» **Excerpted records**
Start of Block
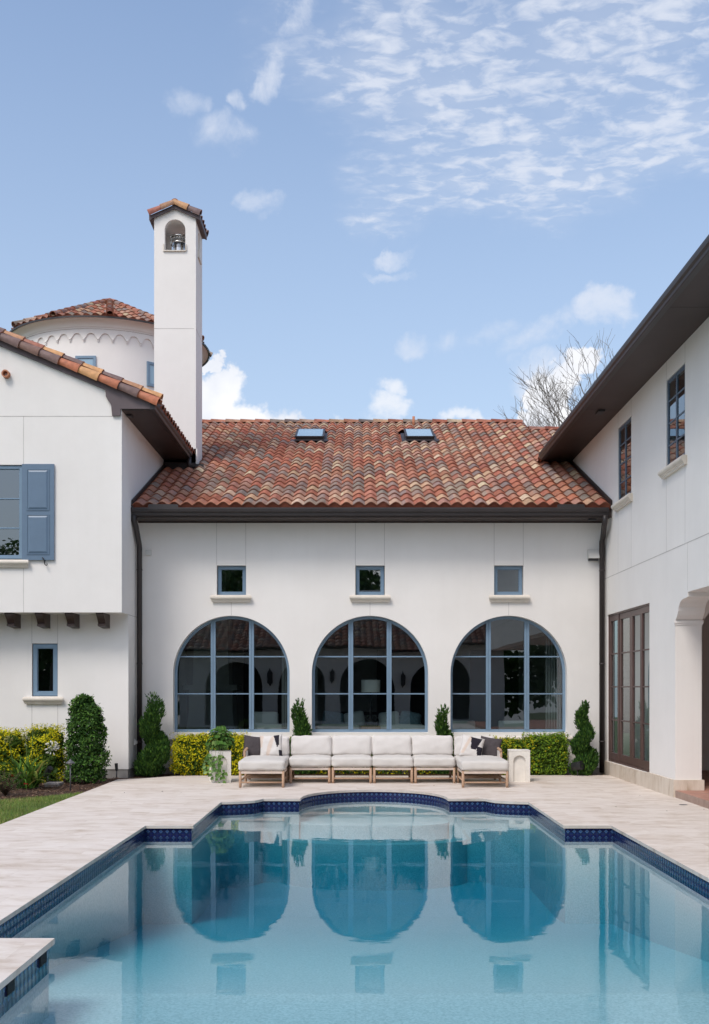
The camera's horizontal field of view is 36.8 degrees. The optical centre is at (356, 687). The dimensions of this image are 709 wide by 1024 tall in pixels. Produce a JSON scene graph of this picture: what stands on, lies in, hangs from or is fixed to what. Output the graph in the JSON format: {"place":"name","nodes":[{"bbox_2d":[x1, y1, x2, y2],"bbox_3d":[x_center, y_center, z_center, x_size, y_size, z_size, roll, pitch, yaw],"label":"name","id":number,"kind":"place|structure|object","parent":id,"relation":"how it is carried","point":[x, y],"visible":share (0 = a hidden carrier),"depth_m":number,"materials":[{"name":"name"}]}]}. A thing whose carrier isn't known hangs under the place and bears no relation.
{"place":"outdoors","nodes":[
{"label":"outdoors","id":0,"kind":"place"},
{"bbox_2d":[0,768,27,795],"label":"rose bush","id":1,"kind":"object","parent":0,"point":[4,789],"visible":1,"depth_m":16.58,"materials":[{"name":"green plant"}]},
{"bbox_2d":[0,791,81,823],"bbox_3d":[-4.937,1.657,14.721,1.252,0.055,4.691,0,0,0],"label":"grass","id":2,"kind":"structure","parent":0,"point":[28,802],"depth_m":15.18,"materials":[{"name":"green plant"}]},
{"bbox_2d":[0,773,603,799],"bbox_3d":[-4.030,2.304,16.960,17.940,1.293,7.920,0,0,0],"label":"mulch bed","id":3,"kind":"object","parent":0,"point":[82,786],"visible":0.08,"depth_m":17.94,"materials":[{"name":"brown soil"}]},
{"bbox_2d":[0,726,29,781],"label":"shrub","id":4,"kind":"object","parent":3,"relation":"on","point":[17,736],"visible":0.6,"depth_m":18.52,"materials":[{"name":"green plant"}]},
{"bbox_2d":[0,728,62,790],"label":"lily plant","id":5,"kind":"object","parent":3,"relation":"on","point":[32,778],"visible":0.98,"depth_m":17.70,"materials":[{"name":"green plant"}]},
{"bbox_2d":[17,723,68,783],"bbox_3d":[-5.519,1.170,18.912,1.027,1.100,1.154,0,0,0],"label":"shrub","id":6,"kind":"object","parent":3,"relation":"on","point":[42,737],"visible":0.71,"depth_m":18.68,"materials":[{"name":"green plant"}]},
{"bbox_2d":[43,766,52,781],"bbox_3d":[-5.314,1.524,18.349,0.207,0.372,0.099,0,0,38],"label":"spotlight","id":7,"kind":"object","parent":3,"relation":"on","point":[49,769],"visible":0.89,"depth_m":18.32,"materials":[{"name":"black metal"}]},
{"bbox_2d":[44,782,63,786],"bbox_3d":[-5.185,1.685,18.260,0.253,0.130,0.344,0,0,0],"label":"valve box","id":8,"kind":"object","parent":3,"relation":"on","point":[52,784],"visible":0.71,"depth_m":18.10,"materials":[{"name":"grey stone"}]},
{"bbox_2d":[65,759,74,790],"bbox_3d":[-4.685,1.436,17.445,0.156,0.548,0.156,0,0,0],"label":"path light","id":9,"kind":"object","parent":3,"relation":"on","point":[70,762],"visible":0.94,"depth_m":17.43,"materials":[{"name":"grey metal"}]},
{"bbox_2d":[62,693,111,783],"bbox_3d":[-4.752,0.898,18.722,0.841,1.632,0.853,0,0,38],"label":"holly bush","id":10,"kind":"object","parent":3,"relation":"on","point":[86,724],"visible":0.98,"depth_m":18.54,"materials":[{"name":"green plant"}]},
{"bbox_2d":[115,763,117,778],"bbox_3d":[-4.433,1.558,19.664,0.058,0.344,0.076,0,0,-28],"label":"spotlight","id":11,"kind":"object","parent":3,"relation":"on","point":[116,767],"visible":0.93,"depth_m":19.64,"materials":[{"name":"grey metal"}]},
{"bbox_2d":[132,691,170,776],"bbox_3d":[-3.873,0.881,20.108,0.734,1.658,0.739,0,0,0],"label":"spiral topiary","id":12,"kind":"object","parent":3,"relation":"on","point":[153,757],"visible":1,"depth_m":19.99,"materials":[{"name":"green plant"}]},
{"bbox_2d":[169,730,250,775],"bbox_3d":[-2.783,1.257,20.402,1.588,0.926,0.737,0,0,0],"label":"hedge","id":13,"kind":"object","parent":3,"relation":"on","point":[190,753],"visible":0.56,"depth_m":20.20,"materials":[{"name":"green plant"}]},
{"bbox_2d":[289,698,316,773],"bbox_3d":[-1.064,0.937,20.285,0.622,1.547,0.657,0,0,0],"label":"spiral topiary","id":14,"kind":"object","parent":3,"relation":"on","point":[302,725],"visible":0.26,"depth_m":20.18,"materials":[{"name":"green plant"}]},
{"bbox_2d":[289,739,460,773],"bbox_3d":[0.147,1.324,20.473,4.371,0.792,0.542,0,0,0],"label":"hedge","id":15,"kind":"object","parent":3,"relation":"on","point":[379,772],"visible":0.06,"depth_m":20.41,"materials":[{"name":"green plant"}]},
{"bbox_2d":[431,704,456,773],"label":"spiral topiary","id":16,"kind":"object","parent":3,"relation":"on","point":[441,726],"visible":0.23,"depth_m":20.19,"materials":[{"name":"green plant"}]},
{"bbox_2d":[490,735,535,774],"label":"hedge","id":17,"kind":"object","parent":3,"relation":"on","point":[510,743],"visible":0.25,"depth_m":20.24,"materials":[{"name":"green plant"}]},
{"bbox_2d":[522,731,570,774],"bbox_3d":[3.589,1.264,20.403,1.018,0.910,0.687,0,0,0],"label":"hedge","id":18,"kind":"object","parent":3,"relation":"on","point":[551,753],"visible":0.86,"depth_m":20.18,"materials":[{"name":"green plant"}]},
{"bbox_2d":[571,761,584,775],"bbox_3d":[4.140,1.536,20.023,0.245,0.347,0.170,0,0,44],"label":"spotlight","id":19,"kind":"object","parent":3,"relation":"on","point":[576,766],"visible":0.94,"depth_m":19.96,"materials":[{"name":"black metal"}]},
{"bbox_2d":[567,700,599,775],"bbox_3d":[4.301,0.960,20.221,0.609,1.500,0.607,0,0,0],"label":"spiral topiary","id":20,"kind":"object","parent":3,"relation":"on","point":[583,750],"visible":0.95,"depth_m":20.14,"materials":[{"name":"green plant"}]},
{"bbox_2d":[0,775,708,924],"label":"pool deck","id":21,"kind":"structure","parent":0,"point":[44,851],"depth_m":14.23,"materials":[{"name":"stone"}]},
{"bbox_2d":[209,750,230,782],"bbox_3d":[-2.400,1.373,18.720,0.356,0.554,0.352,0,0,-14],"label":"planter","id":22,"kind":"object","parent":21,"relation":"on","point":[226,765],"visible":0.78,"depth_m":18.59,"materials":[{"name":"concrete"}]},
{"bbox_2d":[202,725,234,782],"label":"potted plant","id":23,"kind":"object","parent":22,"relation":"on","point":[220,735],"visible":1,"depth_m":18.55,"materials":[{"name":"green plant"}]},
{"bbox_2d":[0,198,708,796],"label":"house","id":24,"kind":"structure","parent":21,"relation":"on","point":[176,552],"depth_m":20.70,"materials":[{"name":"stucco"},{"name":"clay tile"},{"name":"bronze"}]},
{"bbox_2d":[0,466,27,567],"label":"window","id":25,"kind":"structure","parent":24,"relation":"in","point":[10,476],"depth_m":19.31,"materials":[{"name":"glass"}]},
{"bbox_2d":[22,644,62,703],"bbox_3d":[-5.804,-0.257,19.790,0.751,1.115,0.180,0,0,0],"label":"window","id":26,"kind":"structure","parent":24,"relation":"in","point":[27,700],"depth_m":19.83,"materials":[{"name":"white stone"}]},
{"bbox_2d":[210,566,250,601],"bbox_3d":[-2.434,-2.017,20.725,0.800,0.710,0.250,0,0,0],"label":"window","id":27,"kind":"structure","parent":24,"relation":"in","point":[231,579],"depth_m":20.80,"materials":[{"name":"stone"}]},
{"bbox_2d":[175,616,289,731],"bbox_3d":[-2.434,-0.269,20.889,2.265,2.268,0.062,0,0,0],"label":"window","id":28,"kind":"structure","parent":24,"relation":"in","point":[213,656],"depth_m":20.87,"materials":[{"name":"blue metal"}]},
{"bbox_2d":[248,724,281,728],"bbox_3d":[-1.730,1.050,22.513,1.037,0.600,1.037,0,0,-38],"label":"armchair","id":29,"kind":"object","parent":24,"relation":"in","point":[267,726],"visible":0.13,"depth_m":22.08,"materials":[{"name":"fabric"}]},
{"bbox_2d":[254,712,278,724],"bbox_3d":[-1.950,0.670,22.350,0.620,0.340,0.220,0,0,0],"label":"cushion","id":30,"kind":"object","parent":29,"relation":"on","point":[266,717],"visible":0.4,"depth_m":22.25,"materials":[{"name":"fabric"}]},
{"bbox_2d":[312,616,427,731],"bbox_3d":[0.259,-0.269,20.889,2.265,2.268,0.062,0,0,0],"label":"window","id":31,"kind":"structure","parent":24,"relation":"in","point":[350,656],"depth_m":20.87,"materials":[{"name":"blue metal"}]},
{"bbox_2d":[349,566,390,601],"bbox_3d":[0.259,-2.017,20.725,0.800,0.710,0.250,0,0,0],"label":"window","id":32,"kind":"structure","parent":24,"relation":"in","point":[369,579],"depth_m":20.80,"materials":[{"name":"metal"}]},
{"bbox_2d":[317,724,424,728],"bbox_3d":[0.265,0.990,22.300,2.350,0.480,0.540,0,0,0],"label":"sofa","id":33,"kind":"object","parent":24,"relation":"in","point":[384,726],"visible":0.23,"depth_m":22.07,"materials":[{"name":"fabric"}]},
{"bbox_2d":[322,711,343,723],"bbox_3d":[-0.500,0.670,22.350,0.461,0.376,0.240,0,0,0],"label":"cushion","id":34,"kind":"object","parent":33,"relation":"on","point":[329,717],"visible":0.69,"depth_m":22.25,"materials":[{"name":"grey fabric"}]},
{"bbox_2d":[343,711,364,726],"bbox_3d":[-0.050,0.670,22.350,0.468,0.387,0.240,0,0,0],"label":"cushion","id":35,"kind":"object","parent":33,"relation":"on","point":[358,718],"visible":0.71,"depth_m":22.26,"materials":[{"name":"fabric"}]},
{"bbox_2d":[378,711,399,724],"bbox_3d":[0.680,0.670,22.350,0.455,0.368,0.240,0,0,0],"label":"cushion","id":36,"kind":"object","parent":33,"relation":"on","point":[382,717],"visible":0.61,"depth_m":22.26,"materials":[{"name":"fabric"}]},
{"bbox_2d":[400,711,420,723],"bbox_3d":[1.120,0.670,22.350,0.471,0.391,0.240,0,0,0],"label":"cushion","id":37,"kind":"object","parent":33,"relation":"on","point":[407,717],"visible":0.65,"depth_m":22.25,"materials":[{"name":"grey fabric"}]},
{"bbox_2d":[361,726,380,728],"bbox_3d":[0.288,1.095,21.950,0.400,0.610,0.400,0,0,0],"label":"side table","id":38,"kind":"object","parent":24,"relation":"in","point":[370,727],"visible":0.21,"depth_m":21.75,"materials":[{"name":"grey wood"}]},
{"bbox_2d":[361,680,379,725],"bbox_3d":[0.288,0.311,21.950,0.390,0.954,0.390,0,0,0],"label":"table lamp","id":39,"kind":"object","parent":38,"relation":"on","point":[370,686],"visible":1,"depth_m":21.83,"materials":[{"name":"white metal"}]},
{"bbox_2d":[339,712,421,725],"bbox_3d":[0.383,0.976,25.250,2.300,0.812,0.500,0,0,0],"label":"console table","id":40,"kind":"object","parent":24,"relation":"in","point":[373,713],"visible":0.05,"depth_m":25.00,"materials":[{"name":"wood"}]},
{"bbox_2d":[452,721,474,728],"bbox_3d":[2.150,0.990,22.465,0.620,0.620,0.790,0,0,0],"label":"armchair","id":41,"kind":"object","parent":24,"relation":"in","point":[463,724],"visible":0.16,"depth_m":22.07,"materials":[{"name":"fabric"}]},
{"bbox_2d":[450,616,564,731],"bbox_3d":[2.952,-0.269,20.889,2.265,2.268,0.062,0,0,0],"label":"window","id":42,"kind":"structure","parent":24,"relation":"in","point":[488,656],"depth_m":20.87,"materials":[{"name":"blue metal"}]},
{"bbox_2d":[489,566,529,601],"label":"window","id":43,"kind":"structure","parent":24,"relation":"in","point":[507,579],"depth_m":20.80,"materials":[{"name":"stone"}]},
{"bbox_2d":[498,721,523,728],"bbox_3d":[3.250,0.990,22.465,0.620,0.620,0.790,0,0,0],"label":"armchair","id":44,"kind":"object","parent":24,"relation":"in","point":[510,724],"visible":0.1,"depth_m":22.07,"materials":[{"name":"fabric"}]},
{"bbox_2d":[610,614,619,761],"bbox_3d":[4.867,0.000,20.075,0.045,2.732,0.702,0,0,0],"label":"door","id":45,"kind":"structure","parent":24,"relation":"in","point":[613,756],"depth_m":19.97,"materials":[{"name":"brown glass"}]},
{"bbox_2d":[611,418,632,511],"bbox_3d":[4.777,-4.010,19.150,0.134,1.500,1.220,0,0,0],"label":"window","id":46,"kind":"structure","parent":24,"relation":"in","point":[625,495],"depth_m":19.14,"materials":[{"name":"stone"}]},
{"bbox_2d":[620,611,630,764],"bbox_3d":[4.883,0.000,19.305,0.045,2.732,0.822,0,0,0],"label":"door","id":47,"kind":"structure","parent":24,"relation":"in","point":[626,759],"depth_m":19.63,"materials":[{"name":"brown wood"}]},
{"bbox_2d":[631,608,640,767],"bbox_3d":[4.883,0.000,18.545,0.045,2.732,0.682,0,0,0],"label":"door","id":48,"kind":"structure","parent":24,"relation":"in","point":[636,762],"depth_m":18.80,"materials":[{"name":"brown wood"}]},
{"bbox_2d":[641,606,648,769],"bbox_3d":[4.867,0.000,17.875,0.045,2.732,0.642,0,0,0],"label":"door","id":49,"kind":"structure","parent":24,"relation":"in","point":[644,764],"depth_m":18.11,"materials":[{"name":"brown wood"}]},
{"bbox_2d":[658,364,686,478],"bbox_3d":[4.777,-4.010,16.090,0.134,1.500,1.220,0,0,0],"label":"window","id":50,"kind":"structure","parent":24,"relation":"in","point":[676,457],"depth_m":16.09,"materials":[{"name":"wood"}]},
{"bbox_2d":[238,735,508,787],"bbox_3d":[0.282,1.245,18.418,4.508,0.809,1.660,0,0,0],"label":"sectional sofa","id":51,"kind":"object","parent":21,"relation":"on","point":[308,752],"visible":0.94,"depth_m":18.49,"materials":[{"name":"white fabric"}]},
{"bbox_2d":[242,735,260,755],"bbox_3d":[-1.818,1.037,18.858,0.412,0.413,0.222,0,0,0],"label":"throw pillow","id":52,"kind":"object","parent":51,"relation":"on","point":[252,743],"visible":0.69,"depth_m":18.79,"materials":[{"name":"grey fabric"}]},
{"bbox_2d":[260,734,281,755],"bbox_3d":[-1.498,1.019,18.660,0.414,0.409,0.220,0,0,0],"label":"throw pillow","id":53,"kind":"object","parent":51,"relation":"on","point":[270,745],"visible":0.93,"depth_m":18.59,"materials":[{"name":"white fabric"}]},
{"bbox_2d":[459,734,484,755],"bbox_3d":[2.014,1.042,18.660,0.480,0.472,0.213,0,0,0],"label":"throw pillow","id":54,"kind":"object","parent":51,"relation":"on","point":[471,746],"visible":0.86,"depth_m":18.60,"materials":[{"name":"white fabric"}]},
{"bbox_2d":[481,736,501,755],"bbox_3d":[2.356,1.059,18.861,0.437,0.424,0.200,0,0,12],"label":"throw pillow","id":55,"kind":"object","parent":51,"relation":"on","point":[490,745],"visible":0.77,"depth_m":18.80,"materials":[{"name":"grey fabric"}]},
{"bbox_2d":[507,749,529,781],"bbox_3d":[2.870,1.373,18.900,0.382,0.554,0.382,0,0,4],"label":"side table","id":56,"kind":"object","parent":21,"relation":"on","point":[518,760],"visible":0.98,"depth_m":18.74,"materials":[{"name":"concrete"}]},
{"bbox_2d":[0,0,708,716],"label":"sky","id":57,"kind":"structure","parent":0,"point":[407,206],"materials":[{"name":"blue"}]},
{"bbox_2d":[12,831,708,1023],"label":"pool basin","id":58,"kind":"object","parent":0,"point":[356,927],"visible":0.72,"depth_m":10.81,"materials":[{"name":"paint"}]},
{"bbox_2d":[0,938,54,1023],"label":"pool platform","id":59,"kind":"structure","parent":58,"relation":"in","point":[24,980],"depth_m":6.59,"materials":[{"name":"stone"}]},
{"bbox_2d":[0,792,708,937],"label":"waterline tile","id":60,"kind":"object","parent":58,"relation":"attached to","point":[23,919],"visible":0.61,"depth_m":12.80,"materials":[{"name":"blue tile"}]},
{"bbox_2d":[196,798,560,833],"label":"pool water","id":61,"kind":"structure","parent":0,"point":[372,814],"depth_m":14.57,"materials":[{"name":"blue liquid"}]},
{"bbox_2d":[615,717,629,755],"bbox_3d":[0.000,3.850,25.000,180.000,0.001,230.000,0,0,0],"label":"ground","id":62,"kind":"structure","parent":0,"point":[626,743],"depth_m":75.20,"materials":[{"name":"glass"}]},
{"bbox_2d":[493,332,629,732],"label":"bare tree","id":63,"kind":"object","parent":62,"relation":"on","point":[626,672],"visible":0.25,"depth_m":43.69,"materials":[{"name":"brown plant"}]},
{"bbox_2d":[675,770,708,808],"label":"loggia floor","id":64,"kind":"structure","parent":0,"point":[699,797],"depth_m":15.60,"materials":[{"name":"ceramic"}]}
]}
End of Block
» **Aim of the task**
Provide a count of the lines in the data above that include the word "tile", stating the number alone.

» **Answer to this task**
2